En cualquier caso, le dijeron que no podía tener hijos porque dada su condición un embarazo suponía un riesgo mortal tanto para la madre como para el hijo. Pero ella, siguiendo la tradición, se encomendó en las fiestas de Elche a la Virgen de la Asunción, que dicen que asegura la descendencia, y acabó teniendo tres niñas y un niño, nada menos, y todo, según aseguraba, gracias a la intercesión de la Santísima Virgen, a la que había rezado devotamente implorando protección. Cada quince de agosto se iba a Santa María a la misa de ocho -porque en esa fecha la basílica está a rebosar, y la única misa que no está hasta los topes de fieles es la primera- y le ofrecía a la Virgen un rosario, con el pañuelo bien sujeto en la cabeza, un traje con las mangas por debajo del codo y la falda por debajo de la rodilla y hasta ¡medias!, haciendo como hace en Elche en agosto un sol de castigo, porque entonces los curas exigían que las mujeres entrasen en el templo bien tapadas para «no despertar la lascivia masculina» y le decían a los hombres que les hacían responsables de que sus mujeres y sus hijas fueran decentemente vestidas (porque correspondía al varón, según no sólo la Iglesia sino el Código Penal, corregir a «su» mujer), y también se obligaba a que unos y otros entrasen y saliesen al templo por diferentes puertas, para evitar la fatídica tentación. El caso es que uno de sus médicos me dijo una vez que no nos tomáramos la devoción de mi madre en broma, que hubiera intercedido o no la Virgen, él estaba convencido de que no había mejor medicina que la fe, y que si un enfermo confiaba a ciegas en su curación ya llevaba el médico la mayor parte del camino ganado. Seguro que si su abuelo, mi bisabuelo, hubiera levantado la cabeza la habría vuelto a agachar, avergonzado, por más que lo de mi madre fuera más superstición que otra cosa, porque el resto del año no se comportaba como católica practicante estricta, sino que aparecía por la iglesia cuando quería y podía, no cada domingo como el catecismo exigía.

A la primera niña la llamó, como era menester, Asunción. Cuando se quedó embarazada de mí (cuarta gestación) el peligro se disparó, dado que a la cardiopatía se sumaba la edad de mi madre, dos factores de riesgo combinados. Se pasó todo mi embarazo en la cama, rezando entre susurros y manoseando una estampita de la Virgen. Y es por eso que yo me llamo Eva Asunción (agárrate), aunque no sea normal que dos hermanas compartan el mismo nombre. Y cuando escribo esto me doy cuenta de que ninguno de mis dos nombres es sólo mío, que desde la misma cuna mi identidad descansaba en un préstamo.

Seguro que en Madrid debe de haber más de una y de dos iglesias dedicadas a la Virgen de la Asunción. Me estoy pensando si localizarlas e ir a hacer un rosario, pero yo no tengo fe. Ni tampoco la más remota idea de cómo se reza un rosario.

Le he preguntado a Caridad por qué no se desespera con un trabajo como éste, si no le entran ganas de tirar la toalla a veces. Dice que no, que para ella es muy satisfactorio. Por lo visto al principio trabajaba en la UVI de neonatos y allí sí que no se vio capaz. Tuvo que pedir el traslado porque cada vez que un bebé no sobrevivía ella se pasaba días llorando.

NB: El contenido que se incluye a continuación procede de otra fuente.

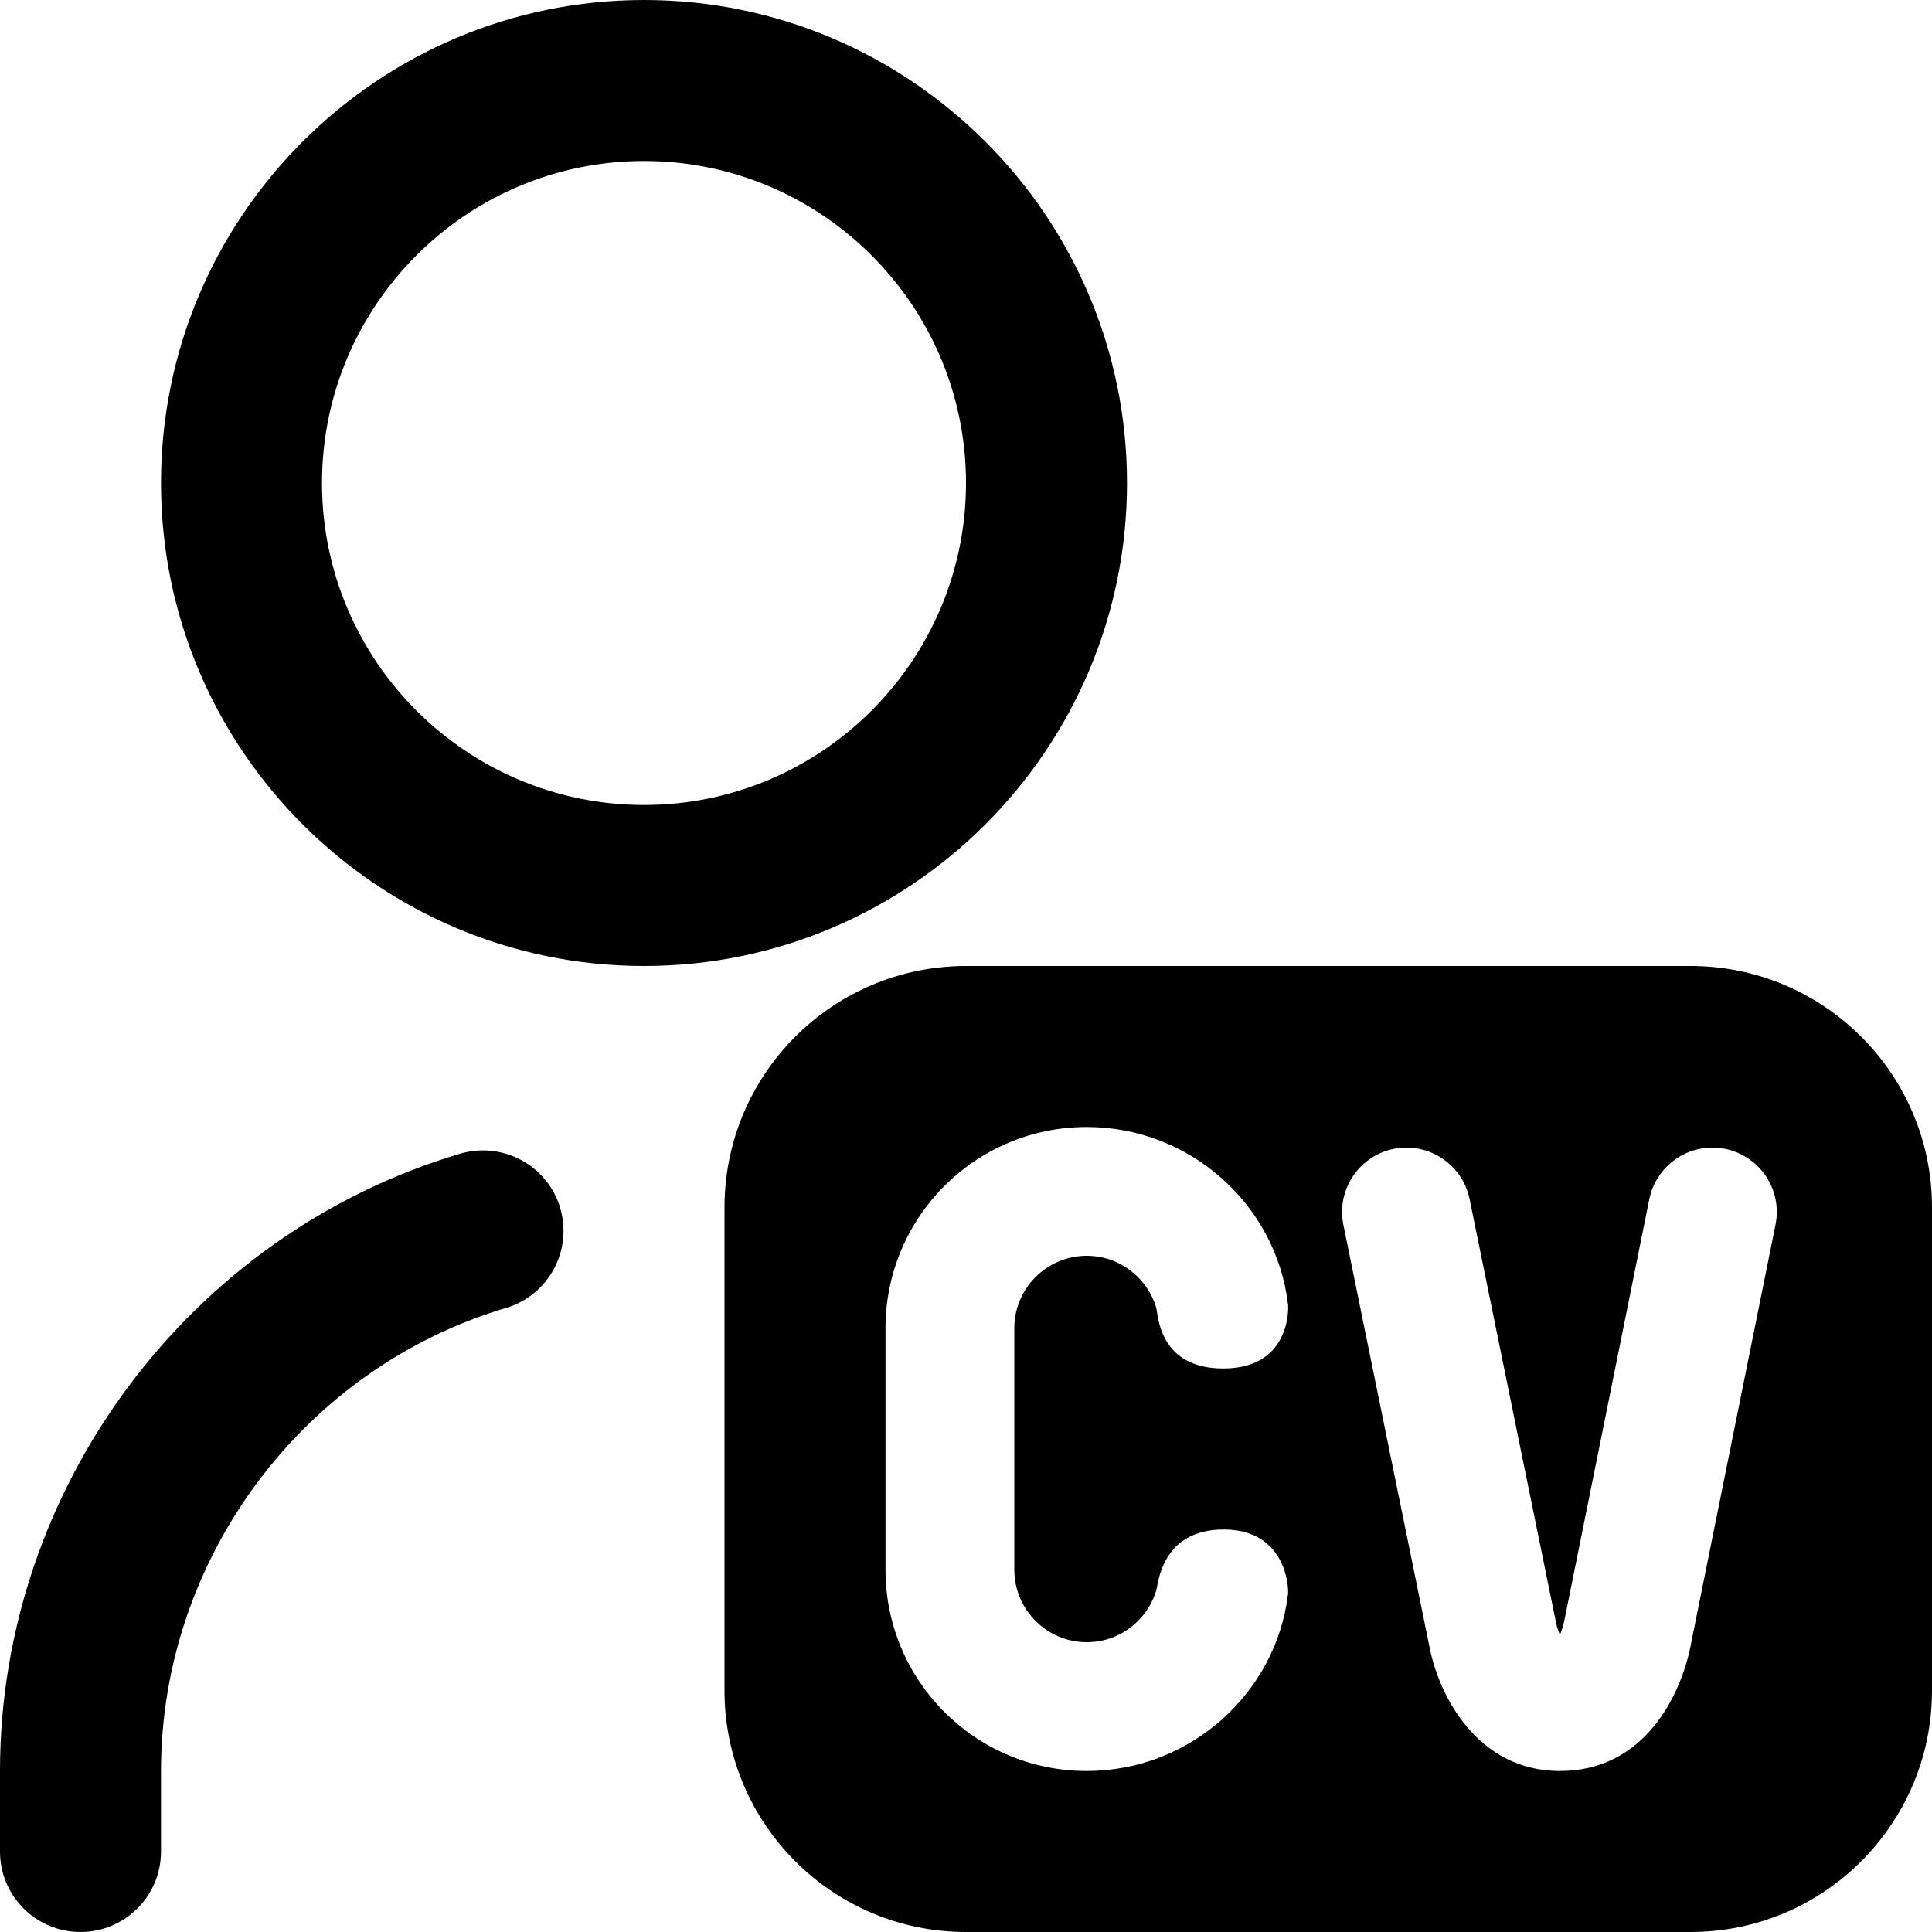<?xml version="1.0" encoding="UTF-8"?>
<svg xmlns="http://www.w3.org/2000/svg" id="Layer_1" data-name="Layer 1" viewBox="0 0 24 24">
  <path d="m21,12h-9c-1.657,0-3,1.343-3,3v6c0,1.657,1.343,3,3,3h9c1.657,0,3-1.343,3-3v-6c0-1.657-1.343-3-3-3Zm-7.5,8.4c.411,0,.758-.276.866-.653.022-.079.068-.747.835-.747s.811.705.799.804c-.15,1.237-1.222,2.196-2.5,2.196-1.381,0-2.5-1.119-2.5-2.5v-3c0-1.381,1.119-2.5,2.5-2.5,1.281,0,2.354.963,2.5,2.204.011.097.002.796-.804.796s-.809-.674-.833-.755c-.11-.372-.456-.645-.863-.645-.496,0-.9.404-.9.9v3c0,.496.404.9.9.9Zm7.506.025c-.126.647-.583,1.575-1.628,1.575s-1.51-.97-1.618-1.531l-1.072-5.253c-.101-.496.278-.96.784-.96.38,0,.708.268.784.64l1.072,5.253c.013.065.031.117.05.159.02-.047.042-.109.057-.188l1.053-5.222c.075-.373.403-.642.784-.642.505,0,.884.463.784.958l-1.051,5.211Zm-7.006-14.425c0-3.309-2.691-6-6-6S2,2.691,2,6s2.691,6,6,6,6-2.691,6-6Zm-6,4c-2.206,0-4-1.794-4-4s1.794-4,4-4,4,1.794,4,4-1.794,4-4,4Zm-1.042,5.005c.158.529-.144,1.086-.673,1.243-2.523.751-4.285,3.116-4.285,5.752v1c0,.553-.448,1-1,1s-1-.447-1-1v-1c0-3.514,2.35-6.667,5.715-7.668.528-.156,1.086.143,1.244.673Z"/>
</svg>

– Pero es muy distinto tratar con adultos. Si alguno fallece lo sientes, por supuesto, pero es más fácil de aceptar. Te dices lo que suelen decir las abuelas, que le ha llegado la hora. Pero es difícil de entender que le llegue la hora a un bebé, porque su vida se cuenta precisamente en horas y a veces no llegan ni al día. Además, aquí sobreviven más de los que fallecen, y cada uno de los que sobrevive me lo tomo como un triunfo personal. Es un trabajo bonito, de verdad, aunque no lo parezca. Claro que tiene sus días malos, pero cuando se muere alguien que lo lleva escrito desde que lo ingresan entonces lo asumes desde el principio. Sin embargo el otro día, por ejemplo, me enteré de que se había muerto un señor que había estado aquí dos meses y que nos había costado muchísimo sacar adelante. Pues se murió en planta de la manera más tonta, se ahogó con un moco, ya ves. Y como en planta van tan cortos de personal, no había ningún enfermero alrededor que se diera cuenta a tiempo. Mira, esa muerte fue de las que me dolió.